→ Task requirements: Each line that includes "house" must be copied from the records.

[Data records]
┌──

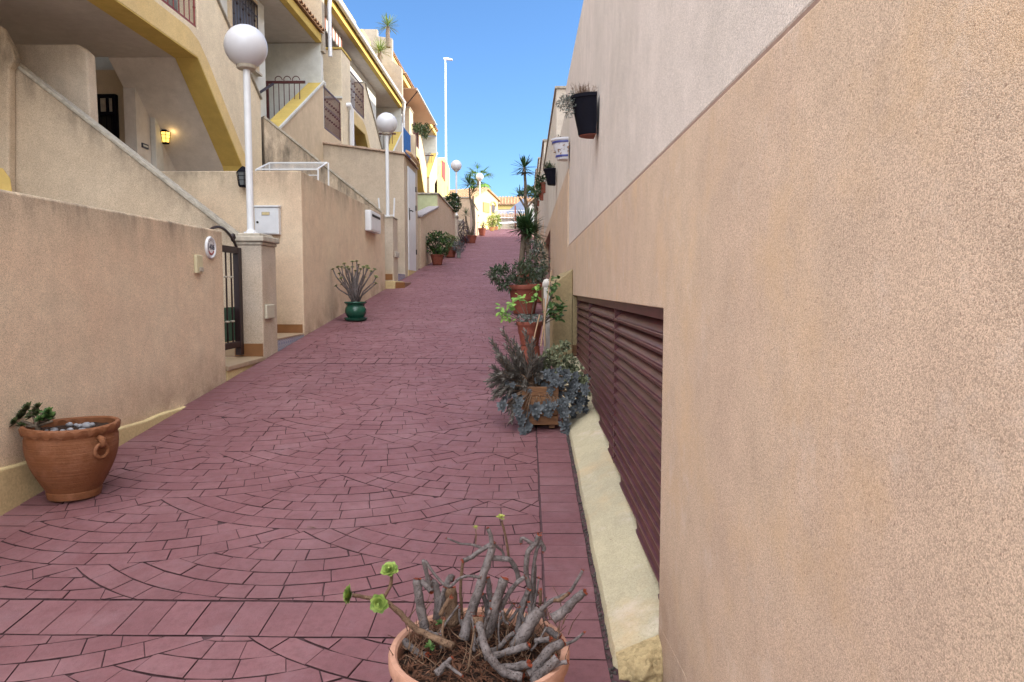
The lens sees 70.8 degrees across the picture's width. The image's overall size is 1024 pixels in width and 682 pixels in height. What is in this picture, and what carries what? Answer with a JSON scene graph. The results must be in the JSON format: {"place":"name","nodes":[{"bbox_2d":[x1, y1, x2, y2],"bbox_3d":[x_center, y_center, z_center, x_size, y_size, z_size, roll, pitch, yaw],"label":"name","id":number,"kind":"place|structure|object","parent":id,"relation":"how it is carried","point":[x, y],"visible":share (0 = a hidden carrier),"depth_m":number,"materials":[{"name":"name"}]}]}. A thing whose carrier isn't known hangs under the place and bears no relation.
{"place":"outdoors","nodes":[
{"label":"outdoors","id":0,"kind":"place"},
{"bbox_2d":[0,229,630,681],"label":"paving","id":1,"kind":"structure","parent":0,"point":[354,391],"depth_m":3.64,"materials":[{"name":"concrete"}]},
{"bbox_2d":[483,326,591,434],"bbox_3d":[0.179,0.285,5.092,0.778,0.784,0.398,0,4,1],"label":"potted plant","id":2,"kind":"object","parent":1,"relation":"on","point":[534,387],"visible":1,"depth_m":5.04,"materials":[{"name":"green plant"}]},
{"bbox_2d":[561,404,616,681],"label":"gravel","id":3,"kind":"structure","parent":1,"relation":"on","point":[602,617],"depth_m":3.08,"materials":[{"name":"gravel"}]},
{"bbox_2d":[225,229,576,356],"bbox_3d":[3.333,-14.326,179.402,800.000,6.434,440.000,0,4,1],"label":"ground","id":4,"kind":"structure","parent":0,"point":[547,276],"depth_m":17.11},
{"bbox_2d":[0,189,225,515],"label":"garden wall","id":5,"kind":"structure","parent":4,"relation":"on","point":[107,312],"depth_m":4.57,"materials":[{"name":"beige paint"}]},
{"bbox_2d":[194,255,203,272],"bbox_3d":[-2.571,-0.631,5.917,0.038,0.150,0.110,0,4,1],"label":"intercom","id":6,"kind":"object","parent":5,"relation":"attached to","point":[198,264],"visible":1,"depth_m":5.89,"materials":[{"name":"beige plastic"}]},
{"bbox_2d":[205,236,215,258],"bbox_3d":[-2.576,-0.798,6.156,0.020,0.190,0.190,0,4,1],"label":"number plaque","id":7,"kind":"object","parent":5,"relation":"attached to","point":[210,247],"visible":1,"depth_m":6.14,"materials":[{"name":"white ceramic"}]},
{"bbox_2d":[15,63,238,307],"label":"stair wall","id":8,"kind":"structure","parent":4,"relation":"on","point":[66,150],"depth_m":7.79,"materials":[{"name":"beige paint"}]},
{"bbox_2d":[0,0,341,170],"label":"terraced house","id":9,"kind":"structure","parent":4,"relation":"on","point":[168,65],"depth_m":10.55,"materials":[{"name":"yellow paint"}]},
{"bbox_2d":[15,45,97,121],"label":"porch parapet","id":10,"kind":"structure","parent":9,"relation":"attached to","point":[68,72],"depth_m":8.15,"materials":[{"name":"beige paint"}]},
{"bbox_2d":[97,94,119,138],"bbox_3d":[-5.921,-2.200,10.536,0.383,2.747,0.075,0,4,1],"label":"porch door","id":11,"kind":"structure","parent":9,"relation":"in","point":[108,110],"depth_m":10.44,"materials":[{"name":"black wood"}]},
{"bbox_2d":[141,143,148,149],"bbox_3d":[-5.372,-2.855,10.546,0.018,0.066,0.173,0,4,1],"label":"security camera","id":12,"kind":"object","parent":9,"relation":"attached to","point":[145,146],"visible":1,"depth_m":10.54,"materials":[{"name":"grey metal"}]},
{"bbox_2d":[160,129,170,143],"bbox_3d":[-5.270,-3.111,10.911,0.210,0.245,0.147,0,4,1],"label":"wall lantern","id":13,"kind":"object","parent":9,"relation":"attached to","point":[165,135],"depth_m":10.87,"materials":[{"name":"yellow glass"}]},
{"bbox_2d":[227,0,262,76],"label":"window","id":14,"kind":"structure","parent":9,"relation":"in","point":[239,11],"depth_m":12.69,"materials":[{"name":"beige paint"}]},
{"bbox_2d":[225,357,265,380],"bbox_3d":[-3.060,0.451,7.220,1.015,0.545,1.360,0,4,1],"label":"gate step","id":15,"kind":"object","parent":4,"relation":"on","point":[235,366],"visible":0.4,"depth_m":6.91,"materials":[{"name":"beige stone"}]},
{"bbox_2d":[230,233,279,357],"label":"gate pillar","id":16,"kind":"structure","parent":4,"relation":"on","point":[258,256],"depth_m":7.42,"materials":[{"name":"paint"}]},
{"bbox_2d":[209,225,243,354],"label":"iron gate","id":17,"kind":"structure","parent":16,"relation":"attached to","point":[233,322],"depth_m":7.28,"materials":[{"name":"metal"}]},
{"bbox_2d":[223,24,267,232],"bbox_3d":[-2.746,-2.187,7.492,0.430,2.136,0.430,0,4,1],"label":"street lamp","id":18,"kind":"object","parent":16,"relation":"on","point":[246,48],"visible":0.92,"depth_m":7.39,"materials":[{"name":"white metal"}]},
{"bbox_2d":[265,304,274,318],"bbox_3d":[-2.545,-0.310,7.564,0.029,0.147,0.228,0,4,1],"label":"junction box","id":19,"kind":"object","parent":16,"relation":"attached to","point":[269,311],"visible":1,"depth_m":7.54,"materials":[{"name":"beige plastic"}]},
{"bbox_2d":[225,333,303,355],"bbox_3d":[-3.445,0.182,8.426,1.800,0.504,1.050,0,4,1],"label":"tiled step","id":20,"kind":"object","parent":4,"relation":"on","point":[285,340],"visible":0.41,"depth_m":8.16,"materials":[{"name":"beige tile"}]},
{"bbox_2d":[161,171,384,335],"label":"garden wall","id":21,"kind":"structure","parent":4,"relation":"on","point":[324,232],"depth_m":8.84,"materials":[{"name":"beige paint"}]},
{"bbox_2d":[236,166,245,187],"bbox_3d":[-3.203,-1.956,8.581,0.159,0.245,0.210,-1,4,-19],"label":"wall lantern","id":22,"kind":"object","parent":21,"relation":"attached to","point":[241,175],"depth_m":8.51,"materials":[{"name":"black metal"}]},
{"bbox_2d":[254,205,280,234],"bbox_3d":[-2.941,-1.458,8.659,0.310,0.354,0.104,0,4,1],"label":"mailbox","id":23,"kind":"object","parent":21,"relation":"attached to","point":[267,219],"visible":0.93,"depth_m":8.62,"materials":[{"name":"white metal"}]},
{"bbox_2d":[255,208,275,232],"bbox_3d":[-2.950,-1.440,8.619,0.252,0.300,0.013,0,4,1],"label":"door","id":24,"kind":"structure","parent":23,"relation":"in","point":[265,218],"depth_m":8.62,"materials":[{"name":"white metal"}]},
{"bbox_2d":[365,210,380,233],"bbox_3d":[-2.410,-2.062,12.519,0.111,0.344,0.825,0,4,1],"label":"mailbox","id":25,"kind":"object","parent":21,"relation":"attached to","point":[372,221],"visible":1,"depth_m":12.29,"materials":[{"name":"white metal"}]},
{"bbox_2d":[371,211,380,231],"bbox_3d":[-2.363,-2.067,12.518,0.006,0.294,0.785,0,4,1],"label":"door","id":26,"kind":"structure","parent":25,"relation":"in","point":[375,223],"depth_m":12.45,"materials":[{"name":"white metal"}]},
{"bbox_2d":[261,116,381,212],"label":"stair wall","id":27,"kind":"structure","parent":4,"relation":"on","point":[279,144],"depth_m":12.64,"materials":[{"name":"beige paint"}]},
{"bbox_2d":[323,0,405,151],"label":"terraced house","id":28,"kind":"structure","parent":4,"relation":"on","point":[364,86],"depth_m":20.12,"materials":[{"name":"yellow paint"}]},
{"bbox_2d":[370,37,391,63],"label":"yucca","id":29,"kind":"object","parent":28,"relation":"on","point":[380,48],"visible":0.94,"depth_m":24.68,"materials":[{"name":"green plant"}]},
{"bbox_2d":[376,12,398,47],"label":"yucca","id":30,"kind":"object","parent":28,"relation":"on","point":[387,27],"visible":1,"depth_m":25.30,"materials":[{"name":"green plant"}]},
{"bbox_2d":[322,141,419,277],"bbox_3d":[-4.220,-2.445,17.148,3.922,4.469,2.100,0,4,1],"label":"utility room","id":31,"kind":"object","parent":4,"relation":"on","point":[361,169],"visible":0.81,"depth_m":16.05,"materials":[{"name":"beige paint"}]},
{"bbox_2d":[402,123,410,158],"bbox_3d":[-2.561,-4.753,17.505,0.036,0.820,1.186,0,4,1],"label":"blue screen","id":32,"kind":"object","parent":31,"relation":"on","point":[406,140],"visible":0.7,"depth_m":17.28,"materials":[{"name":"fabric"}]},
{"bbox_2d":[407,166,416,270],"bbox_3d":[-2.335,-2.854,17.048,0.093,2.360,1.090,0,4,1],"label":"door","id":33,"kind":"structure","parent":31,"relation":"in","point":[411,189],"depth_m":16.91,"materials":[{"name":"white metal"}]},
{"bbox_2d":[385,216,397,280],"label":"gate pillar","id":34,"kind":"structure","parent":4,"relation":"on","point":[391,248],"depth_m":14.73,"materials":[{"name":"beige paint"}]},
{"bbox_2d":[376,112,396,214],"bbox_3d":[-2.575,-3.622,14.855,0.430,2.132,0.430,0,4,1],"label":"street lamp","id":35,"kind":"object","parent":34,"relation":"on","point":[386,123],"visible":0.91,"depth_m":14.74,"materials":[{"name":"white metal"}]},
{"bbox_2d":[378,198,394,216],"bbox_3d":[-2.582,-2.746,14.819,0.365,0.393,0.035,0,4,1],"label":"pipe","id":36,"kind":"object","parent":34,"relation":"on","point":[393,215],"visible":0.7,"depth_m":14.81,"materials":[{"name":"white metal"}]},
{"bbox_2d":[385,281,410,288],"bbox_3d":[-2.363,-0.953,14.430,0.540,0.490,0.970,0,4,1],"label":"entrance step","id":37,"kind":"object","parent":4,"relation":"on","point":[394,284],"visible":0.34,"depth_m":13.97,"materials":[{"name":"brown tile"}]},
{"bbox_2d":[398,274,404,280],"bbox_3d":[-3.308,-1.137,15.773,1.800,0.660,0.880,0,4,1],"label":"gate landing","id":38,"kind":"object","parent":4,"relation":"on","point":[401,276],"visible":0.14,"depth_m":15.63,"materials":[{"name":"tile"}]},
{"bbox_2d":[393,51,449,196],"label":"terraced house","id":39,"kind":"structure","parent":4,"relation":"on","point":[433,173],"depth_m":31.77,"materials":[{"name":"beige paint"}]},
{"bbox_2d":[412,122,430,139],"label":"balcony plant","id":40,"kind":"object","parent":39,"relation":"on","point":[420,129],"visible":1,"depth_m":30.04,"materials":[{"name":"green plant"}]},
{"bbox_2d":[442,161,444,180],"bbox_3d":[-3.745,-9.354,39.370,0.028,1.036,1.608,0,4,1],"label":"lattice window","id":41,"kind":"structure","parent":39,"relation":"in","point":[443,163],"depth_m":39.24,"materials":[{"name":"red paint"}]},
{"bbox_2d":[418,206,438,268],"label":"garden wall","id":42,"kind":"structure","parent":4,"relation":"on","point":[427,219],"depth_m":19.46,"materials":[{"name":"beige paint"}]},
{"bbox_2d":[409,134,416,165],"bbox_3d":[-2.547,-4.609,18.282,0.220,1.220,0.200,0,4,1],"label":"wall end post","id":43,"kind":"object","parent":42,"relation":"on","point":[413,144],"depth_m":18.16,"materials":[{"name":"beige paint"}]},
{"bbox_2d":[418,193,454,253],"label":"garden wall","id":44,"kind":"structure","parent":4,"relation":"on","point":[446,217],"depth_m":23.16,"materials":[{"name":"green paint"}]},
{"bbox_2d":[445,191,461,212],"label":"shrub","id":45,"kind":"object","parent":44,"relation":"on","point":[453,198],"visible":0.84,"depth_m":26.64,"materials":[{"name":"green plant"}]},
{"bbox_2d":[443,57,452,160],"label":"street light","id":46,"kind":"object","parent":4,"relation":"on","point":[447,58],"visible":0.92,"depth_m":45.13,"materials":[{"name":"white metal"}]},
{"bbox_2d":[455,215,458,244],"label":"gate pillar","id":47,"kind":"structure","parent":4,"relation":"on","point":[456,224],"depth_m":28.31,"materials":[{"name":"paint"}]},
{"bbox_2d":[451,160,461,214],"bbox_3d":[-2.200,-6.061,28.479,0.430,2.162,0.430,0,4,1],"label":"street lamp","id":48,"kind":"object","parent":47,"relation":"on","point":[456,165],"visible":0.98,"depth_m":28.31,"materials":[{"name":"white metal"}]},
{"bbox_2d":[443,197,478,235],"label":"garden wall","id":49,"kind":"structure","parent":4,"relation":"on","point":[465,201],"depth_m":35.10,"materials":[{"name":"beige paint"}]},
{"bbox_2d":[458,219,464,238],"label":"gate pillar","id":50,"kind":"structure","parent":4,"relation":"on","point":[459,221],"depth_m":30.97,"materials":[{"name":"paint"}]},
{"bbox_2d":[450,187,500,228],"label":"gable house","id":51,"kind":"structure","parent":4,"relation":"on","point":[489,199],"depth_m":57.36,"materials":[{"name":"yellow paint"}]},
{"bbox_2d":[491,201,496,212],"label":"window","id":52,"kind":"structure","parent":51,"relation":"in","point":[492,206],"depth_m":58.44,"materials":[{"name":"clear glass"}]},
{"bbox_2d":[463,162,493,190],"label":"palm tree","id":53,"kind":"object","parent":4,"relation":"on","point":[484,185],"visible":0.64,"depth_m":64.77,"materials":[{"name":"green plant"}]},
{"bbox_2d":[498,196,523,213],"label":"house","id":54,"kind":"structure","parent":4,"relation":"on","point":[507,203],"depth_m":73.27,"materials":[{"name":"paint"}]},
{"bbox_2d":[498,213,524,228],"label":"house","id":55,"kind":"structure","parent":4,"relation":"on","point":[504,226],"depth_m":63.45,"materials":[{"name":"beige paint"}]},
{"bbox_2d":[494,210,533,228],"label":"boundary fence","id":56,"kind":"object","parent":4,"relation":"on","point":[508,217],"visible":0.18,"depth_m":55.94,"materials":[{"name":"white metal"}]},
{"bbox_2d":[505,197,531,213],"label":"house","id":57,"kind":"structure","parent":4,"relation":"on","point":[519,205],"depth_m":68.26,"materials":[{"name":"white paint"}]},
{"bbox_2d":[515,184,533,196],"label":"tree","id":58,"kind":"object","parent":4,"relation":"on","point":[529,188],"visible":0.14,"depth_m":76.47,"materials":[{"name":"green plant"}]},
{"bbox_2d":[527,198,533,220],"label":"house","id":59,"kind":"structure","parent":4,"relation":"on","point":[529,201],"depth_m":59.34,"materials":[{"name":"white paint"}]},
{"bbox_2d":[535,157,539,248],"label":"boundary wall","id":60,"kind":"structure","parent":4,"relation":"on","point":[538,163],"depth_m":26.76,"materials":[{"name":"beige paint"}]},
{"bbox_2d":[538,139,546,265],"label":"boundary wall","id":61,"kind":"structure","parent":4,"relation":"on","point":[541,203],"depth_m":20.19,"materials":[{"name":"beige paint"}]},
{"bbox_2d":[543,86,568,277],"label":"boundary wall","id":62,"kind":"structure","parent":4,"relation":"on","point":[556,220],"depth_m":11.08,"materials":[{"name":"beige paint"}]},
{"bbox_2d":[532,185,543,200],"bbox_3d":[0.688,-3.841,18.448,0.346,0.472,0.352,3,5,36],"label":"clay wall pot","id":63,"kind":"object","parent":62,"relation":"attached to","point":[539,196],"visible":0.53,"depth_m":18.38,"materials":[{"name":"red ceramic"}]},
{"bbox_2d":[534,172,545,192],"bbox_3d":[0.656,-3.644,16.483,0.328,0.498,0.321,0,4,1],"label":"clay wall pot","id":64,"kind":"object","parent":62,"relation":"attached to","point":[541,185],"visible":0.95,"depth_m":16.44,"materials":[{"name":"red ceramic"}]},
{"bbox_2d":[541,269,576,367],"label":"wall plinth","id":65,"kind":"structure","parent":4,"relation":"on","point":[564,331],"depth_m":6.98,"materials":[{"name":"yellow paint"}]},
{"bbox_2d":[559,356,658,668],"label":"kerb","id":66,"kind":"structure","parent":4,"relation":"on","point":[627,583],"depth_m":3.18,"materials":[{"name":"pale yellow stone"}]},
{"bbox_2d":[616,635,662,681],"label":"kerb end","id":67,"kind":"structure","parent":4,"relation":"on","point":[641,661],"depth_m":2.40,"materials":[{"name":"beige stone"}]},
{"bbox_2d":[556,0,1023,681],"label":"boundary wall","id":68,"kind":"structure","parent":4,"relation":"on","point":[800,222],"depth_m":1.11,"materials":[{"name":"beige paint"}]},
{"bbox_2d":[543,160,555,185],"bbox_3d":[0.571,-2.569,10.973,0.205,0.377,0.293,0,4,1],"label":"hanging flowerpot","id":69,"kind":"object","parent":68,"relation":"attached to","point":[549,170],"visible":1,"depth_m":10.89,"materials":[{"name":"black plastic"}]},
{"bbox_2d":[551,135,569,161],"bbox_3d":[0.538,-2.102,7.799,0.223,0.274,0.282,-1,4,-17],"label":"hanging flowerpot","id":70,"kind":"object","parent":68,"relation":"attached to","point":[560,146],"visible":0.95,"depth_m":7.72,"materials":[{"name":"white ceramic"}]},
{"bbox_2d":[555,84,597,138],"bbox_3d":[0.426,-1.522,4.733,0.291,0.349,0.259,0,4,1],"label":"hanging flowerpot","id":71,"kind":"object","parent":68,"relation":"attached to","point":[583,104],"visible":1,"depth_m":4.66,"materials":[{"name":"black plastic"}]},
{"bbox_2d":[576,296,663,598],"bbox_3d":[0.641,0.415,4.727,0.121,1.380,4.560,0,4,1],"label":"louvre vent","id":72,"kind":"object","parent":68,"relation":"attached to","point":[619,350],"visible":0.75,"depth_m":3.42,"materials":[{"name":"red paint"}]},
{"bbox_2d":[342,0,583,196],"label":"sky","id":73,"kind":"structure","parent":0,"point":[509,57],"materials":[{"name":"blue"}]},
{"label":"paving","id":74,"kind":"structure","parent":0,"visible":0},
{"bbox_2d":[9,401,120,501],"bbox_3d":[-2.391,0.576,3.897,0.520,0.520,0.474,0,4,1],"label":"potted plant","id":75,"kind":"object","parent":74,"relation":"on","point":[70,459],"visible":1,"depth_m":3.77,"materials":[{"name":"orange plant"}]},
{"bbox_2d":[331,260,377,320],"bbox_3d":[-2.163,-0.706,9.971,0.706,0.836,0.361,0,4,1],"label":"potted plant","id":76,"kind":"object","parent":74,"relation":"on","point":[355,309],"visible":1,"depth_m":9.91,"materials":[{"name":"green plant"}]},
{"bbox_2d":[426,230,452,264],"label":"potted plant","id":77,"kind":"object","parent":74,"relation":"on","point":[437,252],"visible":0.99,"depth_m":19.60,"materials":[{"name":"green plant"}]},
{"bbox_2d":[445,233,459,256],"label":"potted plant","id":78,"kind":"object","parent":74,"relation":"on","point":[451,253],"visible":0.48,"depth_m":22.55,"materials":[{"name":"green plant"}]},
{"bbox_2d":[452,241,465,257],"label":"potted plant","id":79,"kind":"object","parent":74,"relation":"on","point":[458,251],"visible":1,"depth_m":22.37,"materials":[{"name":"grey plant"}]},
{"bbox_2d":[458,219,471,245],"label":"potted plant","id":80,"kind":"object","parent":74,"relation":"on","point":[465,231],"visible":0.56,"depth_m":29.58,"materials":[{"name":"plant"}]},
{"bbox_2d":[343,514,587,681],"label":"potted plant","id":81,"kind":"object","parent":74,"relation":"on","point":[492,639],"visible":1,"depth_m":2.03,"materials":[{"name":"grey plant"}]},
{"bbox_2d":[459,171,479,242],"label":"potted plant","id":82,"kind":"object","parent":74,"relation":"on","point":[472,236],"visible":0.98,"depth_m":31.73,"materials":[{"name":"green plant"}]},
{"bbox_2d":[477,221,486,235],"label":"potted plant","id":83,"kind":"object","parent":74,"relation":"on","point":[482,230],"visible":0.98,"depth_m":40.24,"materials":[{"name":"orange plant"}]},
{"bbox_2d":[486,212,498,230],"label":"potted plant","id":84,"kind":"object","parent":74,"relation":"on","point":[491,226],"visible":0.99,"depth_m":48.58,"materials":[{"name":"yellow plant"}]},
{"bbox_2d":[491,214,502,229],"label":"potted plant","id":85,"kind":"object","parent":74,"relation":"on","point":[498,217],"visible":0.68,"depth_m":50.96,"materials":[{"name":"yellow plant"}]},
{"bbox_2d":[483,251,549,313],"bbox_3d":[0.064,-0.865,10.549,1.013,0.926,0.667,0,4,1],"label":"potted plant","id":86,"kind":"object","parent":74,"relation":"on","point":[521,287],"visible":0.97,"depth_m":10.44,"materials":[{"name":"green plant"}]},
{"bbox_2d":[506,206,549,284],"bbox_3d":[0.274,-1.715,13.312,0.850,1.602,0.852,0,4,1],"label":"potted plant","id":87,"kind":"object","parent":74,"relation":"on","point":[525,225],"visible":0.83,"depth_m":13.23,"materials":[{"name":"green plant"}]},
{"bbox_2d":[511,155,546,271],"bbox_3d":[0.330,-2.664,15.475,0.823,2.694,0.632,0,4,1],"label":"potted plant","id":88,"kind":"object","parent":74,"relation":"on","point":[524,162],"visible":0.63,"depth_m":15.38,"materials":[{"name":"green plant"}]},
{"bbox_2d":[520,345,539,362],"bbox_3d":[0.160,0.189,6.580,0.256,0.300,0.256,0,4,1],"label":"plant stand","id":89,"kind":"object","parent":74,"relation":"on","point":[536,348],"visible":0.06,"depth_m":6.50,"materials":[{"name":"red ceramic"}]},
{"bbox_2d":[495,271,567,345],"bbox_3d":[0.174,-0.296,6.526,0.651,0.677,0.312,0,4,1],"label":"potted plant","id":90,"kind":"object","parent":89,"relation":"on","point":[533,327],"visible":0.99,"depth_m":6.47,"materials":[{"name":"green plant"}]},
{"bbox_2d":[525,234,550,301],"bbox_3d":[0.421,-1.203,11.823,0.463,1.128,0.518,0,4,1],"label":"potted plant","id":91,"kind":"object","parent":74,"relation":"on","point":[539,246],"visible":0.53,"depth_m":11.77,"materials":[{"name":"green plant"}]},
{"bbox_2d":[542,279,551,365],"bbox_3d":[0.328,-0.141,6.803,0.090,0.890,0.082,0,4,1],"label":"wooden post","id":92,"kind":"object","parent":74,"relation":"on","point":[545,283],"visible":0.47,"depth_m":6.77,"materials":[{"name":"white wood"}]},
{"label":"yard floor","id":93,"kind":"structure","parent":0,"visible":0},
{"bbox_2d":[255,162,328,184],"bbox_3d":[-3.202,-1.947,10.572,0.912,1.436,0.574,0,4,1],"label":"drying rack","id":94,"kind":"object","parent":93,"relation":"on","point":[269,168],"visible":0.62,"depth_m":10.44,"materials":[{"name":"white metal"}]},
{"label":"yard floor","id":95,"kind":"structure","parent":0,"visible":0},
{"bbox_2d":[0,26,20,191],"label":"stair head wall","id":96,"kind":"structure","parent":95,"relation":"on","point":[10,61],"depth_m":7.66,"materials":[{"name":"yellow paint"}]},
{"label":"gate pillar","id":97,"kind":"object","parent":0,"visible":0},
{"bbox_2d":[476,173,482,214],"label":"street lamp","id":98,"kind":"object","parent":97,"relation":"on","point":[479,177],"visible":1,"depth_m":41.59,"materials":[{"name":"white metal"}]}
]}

└──

→ Response to the task:
{"bbox_2d":[0,0,341,170],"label":"terraced house","id":9,"kind":"structure","parent":4,"relation":"on","point":[168,65],"depth_m":10.55,"materials":[{"name":"yellow paint"}]},
{"bbox_2d":[323,0,405,151],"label":"terraced house","id":28,"kind":"structure","parent":4,"relation":"on","point":[364,86],"depth_m":20.12,"materials":[{"name":"yellow paint"}]},
{"bbox_2d":[393,51,449,196],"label":"terraced house","id":39,"kind":"structure","parent":4,"relation":"on","point":[433,173],"depth_m":31.77,"materials":[{"name":"beige paint"}]},
{"bbox_2d":[450,187,500,228],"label":"gable house","id":51,"kind":"structure","parent":4,"relation":"on","point":[489,199],"depth_m":57.36,"materials":[{"name":"yellow paint"}]},
{"bbox_2d":[498,196,523,213],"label":"house","id":54,"kind":"structure","parent":4,"relation":"on","point":[507,203],"depth_m":73.27,"materials":[{"name":"paint"}]},
{"bbox_2d":[498,213,524,228],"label":"house","id":55,"kind":"structure","parent":4,"relation":"on","point":[504,226],"depth_m":63.45,"materials":[{"name":"beige paint"}]},
{"bbox_2d":[505,197,531,213],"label":"house","id":57,"kind":"structure","parent":4,"relation":"on","point":[519,205],"depth_m":68.26,"materials":[{"name":"white paint"}]},
{"bbox_2d":[527,198,533,220],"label":"house","id":59,"kind":"structure","parent":4,"relation":"on","point":[529,201],"depth_m":59.34,"materials":[{"name":"white paint"}]},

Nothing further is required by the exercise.